Sampai di bandara Tambolaka, Sumba Barat pun masih dalam keadaan hujan gerimis. Gw harap harap cemas kalau cuaca gerimis ini akan menyambut kami selama 5 hari disini. Semoga saja tidak.

IMG_20180214_124520_HDR.jpg

Sampai di Bandara Tambolaka, Sumba Barat, Sumba

Di bandara guide kami- bang Samad- telah menunggu, dia menyambut kami dan mengantar kami ke hotel.

Tak lama kami singgah di hotel, bang Samad mengantar kami ke spot pertama yaitu pantai Kita. Bisa dibilang waktu kami kesana, pantai ini beneran pantai milik kita karena hanya kami yang ada disitu waktu itu, mungkin karena ini hari kerja jadi kami serasa menikmati pantai milik pribadi.

Awal awal kami, atau tepatnya gw dan Mel sangat excited dipantai ini tapi lama lama mati gaya juga mungkin karena ga ada pedagang minuman kali ya secara pantainya panas dan berangin cukup kencang.

“I am free” versi gw

“I am free” versi Mel

Bang Samad lantas membawa kami ke spot berikutnya, kali ini kami ke perbukitan lebih tepatnya Bukit Lendongara, katanya sih bukit ini tempat syuting salah satu film -yang gw lupa film apa yang disebutkan guidenya-. Eh bentar gw ingat ingat dulu, oiya Pendekar Tongkat Emas, pada tahu kan filmnya ? tahu kan? Kagak ya? Toss lah kita.

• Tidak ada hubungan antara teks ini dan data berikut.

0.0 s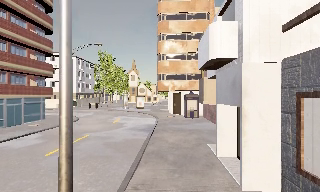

Oke kita kesampingkan masalah film, kembali ke Bukit Lendongara. Kalau kita pernah lihat buktinya teletubbies, nah kayak bukti teletubbies lah bukti ini dan gw jadi teletubbiesnya. Lagi lagi cuaca tak bersahabat bentar bentar hujan…reda…hujan lagi.

Liburan bebas ala gw, gegoleran dijalanan #alay

Coba lagi cerah mungkin lebih wokey dokey

Bukan lagi mau nebeng, tapi mau bilang…bagusssss 🙂

Karena hujan agak lama kami pun balik ke hotel. Di sepanjang perjalanan ternyata banyak warga yang menjajakan Srikaya dengan cara naruh di pinggir jalan. Kita mampir ke salah satu lapak warga dan nyobain Srikaya ala Sumba dan ternyata sebelas dua belas dengan Srikaya di Jawa hahahaha.

Tadi kami berencana mau eksplor Waikabubak waktu malam eh tahunya sepi sesepinya yaudah akhirnya kami minta guide nganterin nyari makan terus balik tidur ke hotel.